-
Type: New Feature
-
Resolution: Unresolved
-
Priority: Major - P3
-
None
-
Affects Version/s: None
-
Component/s: None
-
Query Execution
-
Execution Team 2024-11-11, Execution Team 2024-11-25
For interesting variations of queries which read or modify user data e.g.,
- find {,AndModify}
- aggregate
- insert
- remove
Investigate what fields need to be pruned and regenerated from a recorded query to allow it to be replayed by a client. For example:
{ "aggregate": "sharded", "pipeline": [ { "$match": { "a": { "$gte": 0.0 } } } ], "cursor": {}, "lsid": { "id": { "$uuid": "5e8a24d38c7b4656959b93350a82b5d0" } }, "$clusterTime": { "clusterTime": { "$timestamp": { "t": 1730306867, "i": 1 } }, "signature": { "hash": { "$binary": "AAAAAAAAAAAAAAAAAAAAAAAAAAA=", "$type": "00" }, "keyId": 0 } }, "$db": "test" }
Only a subset of the fields here would be correct to use in a replayed query.
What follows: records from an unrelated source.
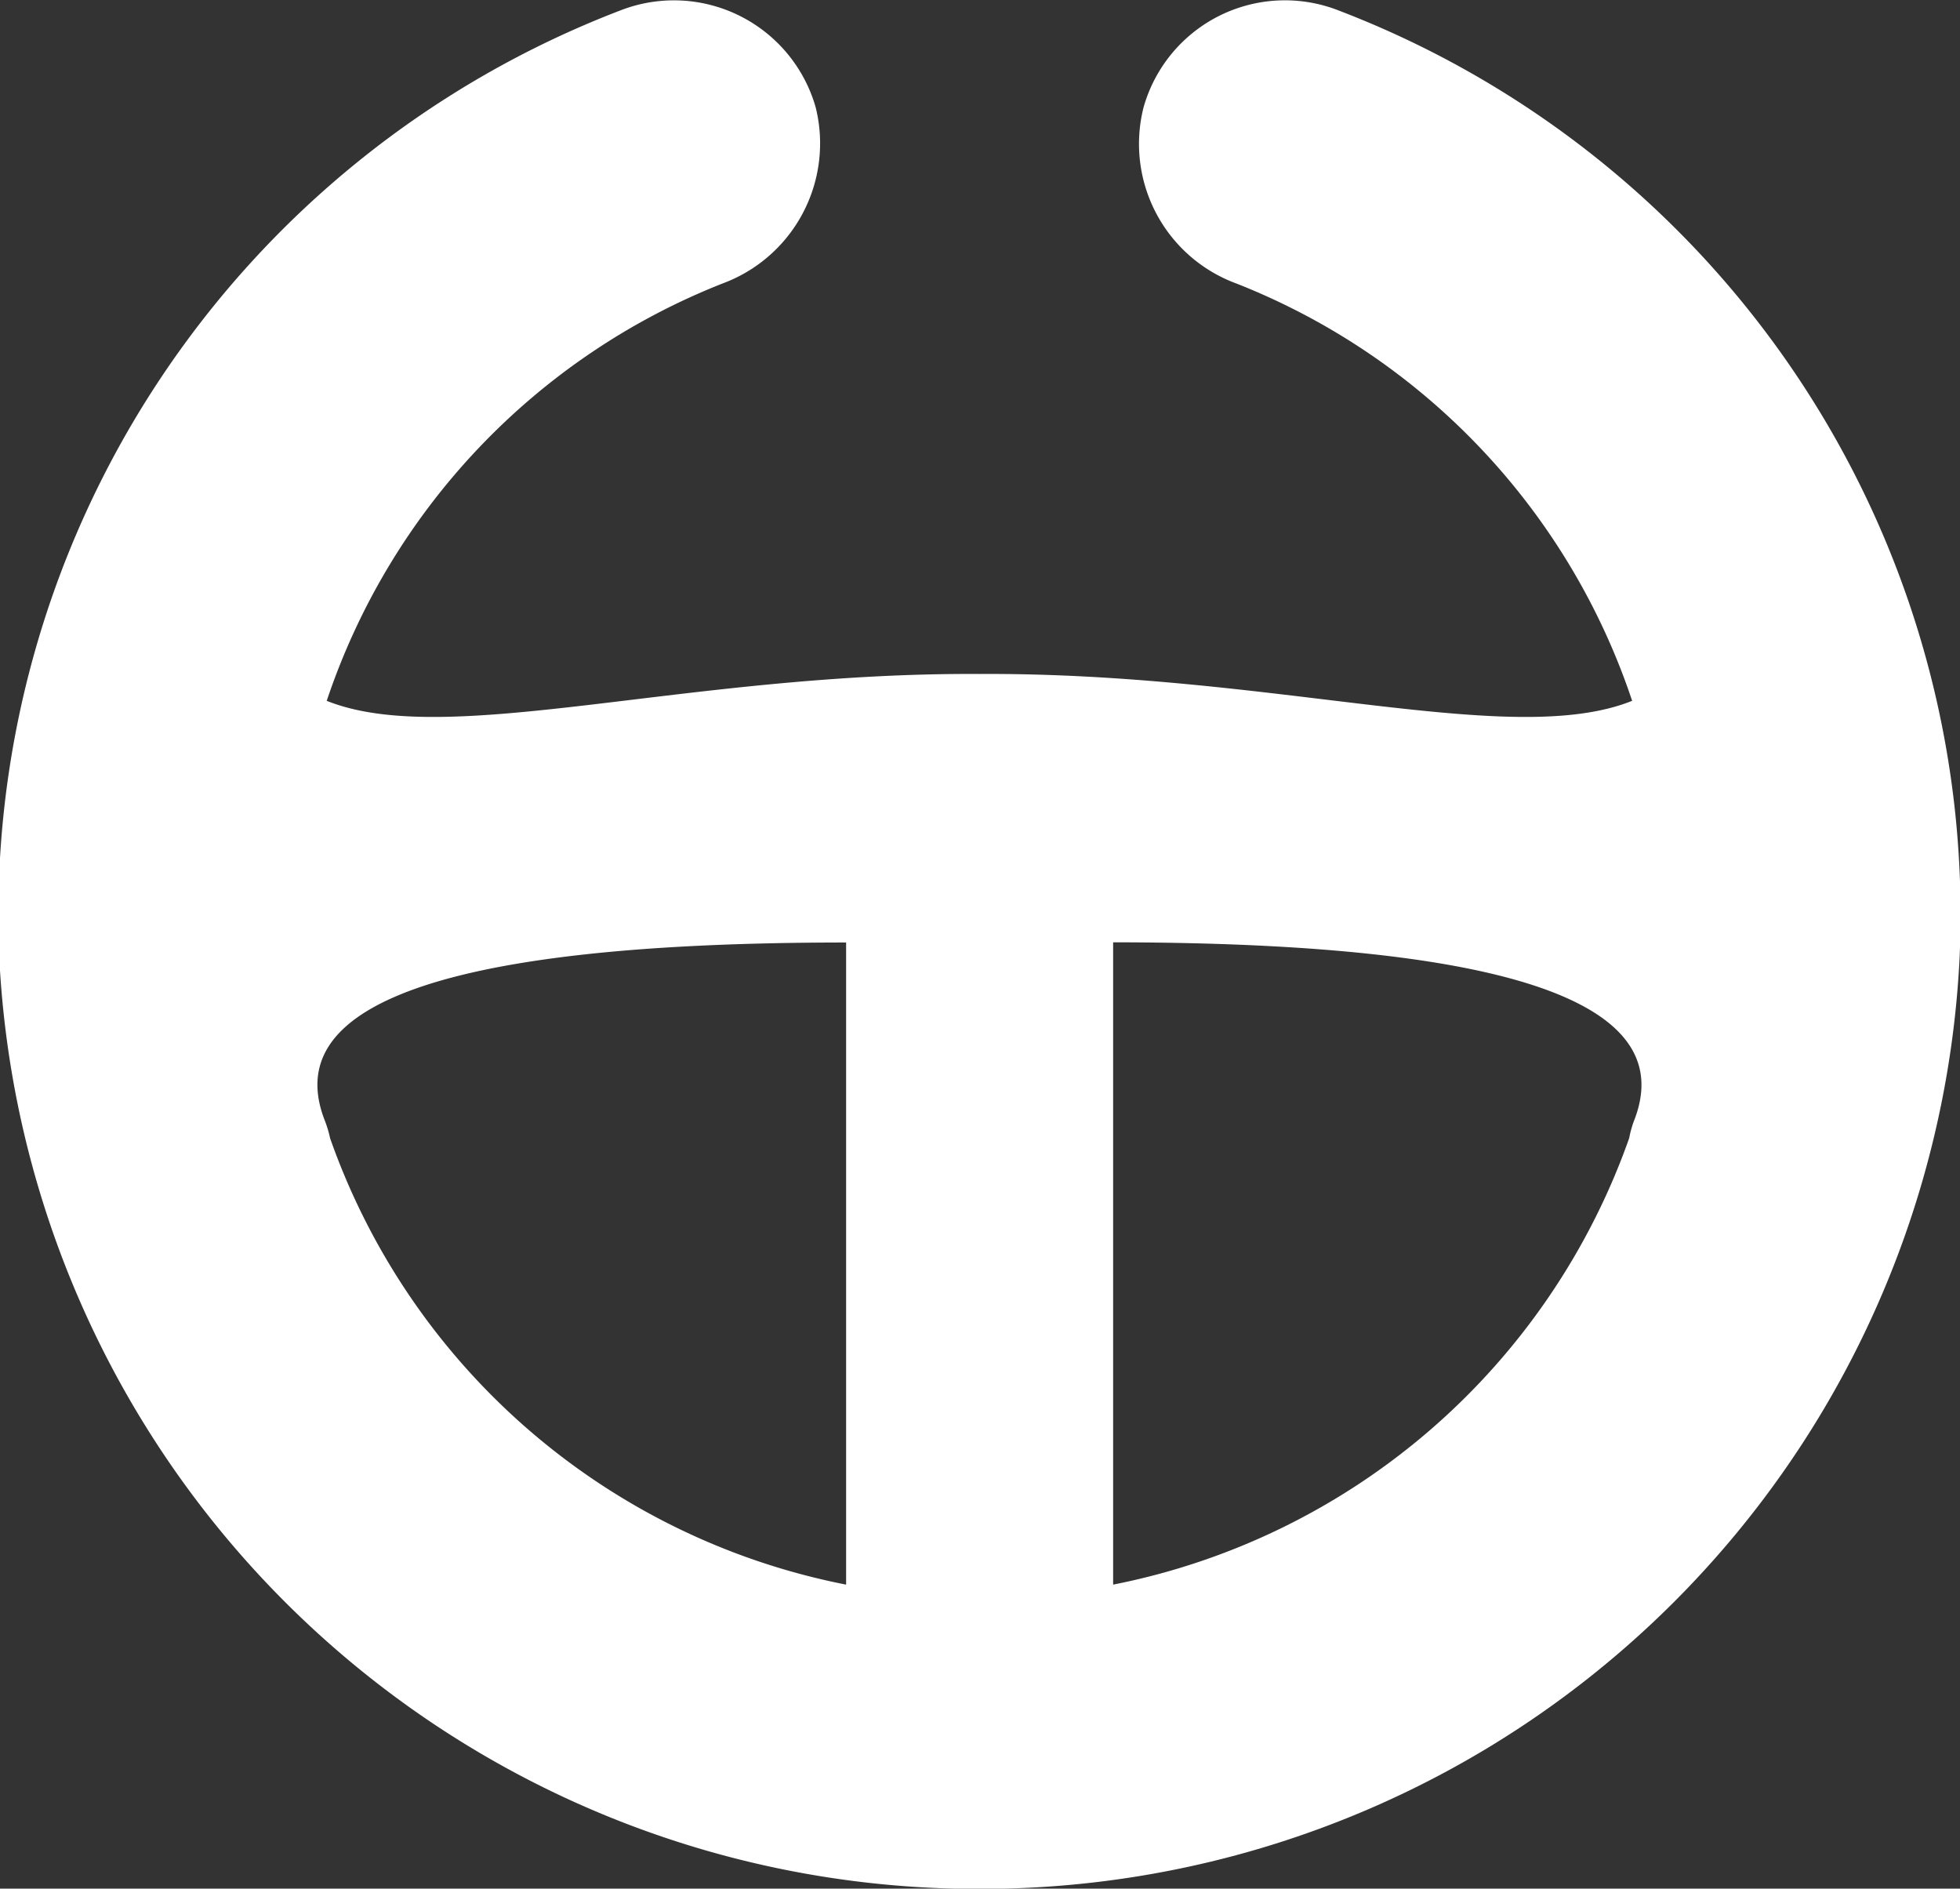 <svg xmlns="http://www.w3.org/2000/svg" width="52.19" height="50.281" viewBox="0 0 52.19 50.281">
  <rect x="0" y="0" width="52.19" height="50.281" fill="#333333" stroke="none"/>
  <defs>
    <style>
      .cls-1 {
        fill: #fff;
        fill-rule: evenodd;
      }
    </style>
  </defs>
  <path id="top_mv_logo.svg" class="cls-1" d="M1393.84,30a3.912,3.912,0,0,0-5.2,2.578,3.96,3.96,0,0,0,2.47,4.688,18.1,18.1,0,0,1,10.54,11.111c-3.23,1.295-9.53-.759-17.38-0.715-7.85-.044-14.15,2.01-17.38.715a18.126,18.126,0,0,1,10.54-11.111,3.976,3.976,0,0,0,2.48-4.688A3.925,3.925,0,0,0,1374.7,30a25.786,25.786,0,0,0-16.53,25.2,26.083,26.083,0,0,0,24.67,24.77c0.48,0.026.96,0.037,1.43,0.037s0.95-.011,1.43-0.037a26.075,26.075,0,0,0,24.67-24.77A25.772,25.772,0,0,0,1393.84,30Zm-13.12,41.906a18.3,18.3,0,0,1-13.74-11.883,3.074,3.074,0,0,0-.15-0.494c-0.9-2.35,1.07-4.718,13.89-4.718v17.1Zm20.99-12.377a2.894,2.894,0,0,0-.14.494,18.335,18.335,0,0,1-13.74,11.883v-17.1C1400.64,54.814,1402.61,57.181,1401.71,59.532Z" transform="translate(-1358.19 -29.719)"/>
</svg>

Workload record is not yet implemented, so initial exploration will require "manually" collecting example queries - e.g., by inserting logging of RequestExecutionContext::_request at some point during the life of a query.
Then investigate how easily the C++ driver can be used to replay such queries, with a a simple POC to inform later work. Assume queries will be provided as BSONObj.
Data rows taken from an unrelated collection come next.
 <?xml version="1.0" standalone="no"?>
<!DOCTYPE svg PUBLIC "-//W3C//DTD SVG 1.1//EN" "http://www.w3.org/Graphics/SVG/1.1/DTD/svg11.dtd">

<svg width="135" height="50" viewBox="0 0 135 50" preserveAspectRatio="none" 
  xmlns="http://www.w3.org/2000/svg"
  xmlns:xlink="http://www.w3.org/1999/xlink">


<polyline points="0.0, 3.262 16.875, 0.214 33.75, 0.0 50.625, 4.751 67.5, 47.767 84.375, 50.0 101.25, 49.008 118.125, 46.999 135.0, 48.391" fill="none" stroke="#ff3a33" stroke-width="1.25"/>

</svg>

It may be the case that the driver can be provided the query object (with unsuitable fields removed) directly, or the easiest path is a if/else if chain re-building the query using the normal C++ driver methods (bearing in mind that queries may have provided .limit(...), .hint(...) and so on).
Note: there will be "inter-query relationships" e.g., getMore for a particular cursor following a find - directly replaying the getMore is likely to fail as the cursor info will differ during replay - this does not need to be considered yet, later work will investigate/address replaying a series of queries "properly".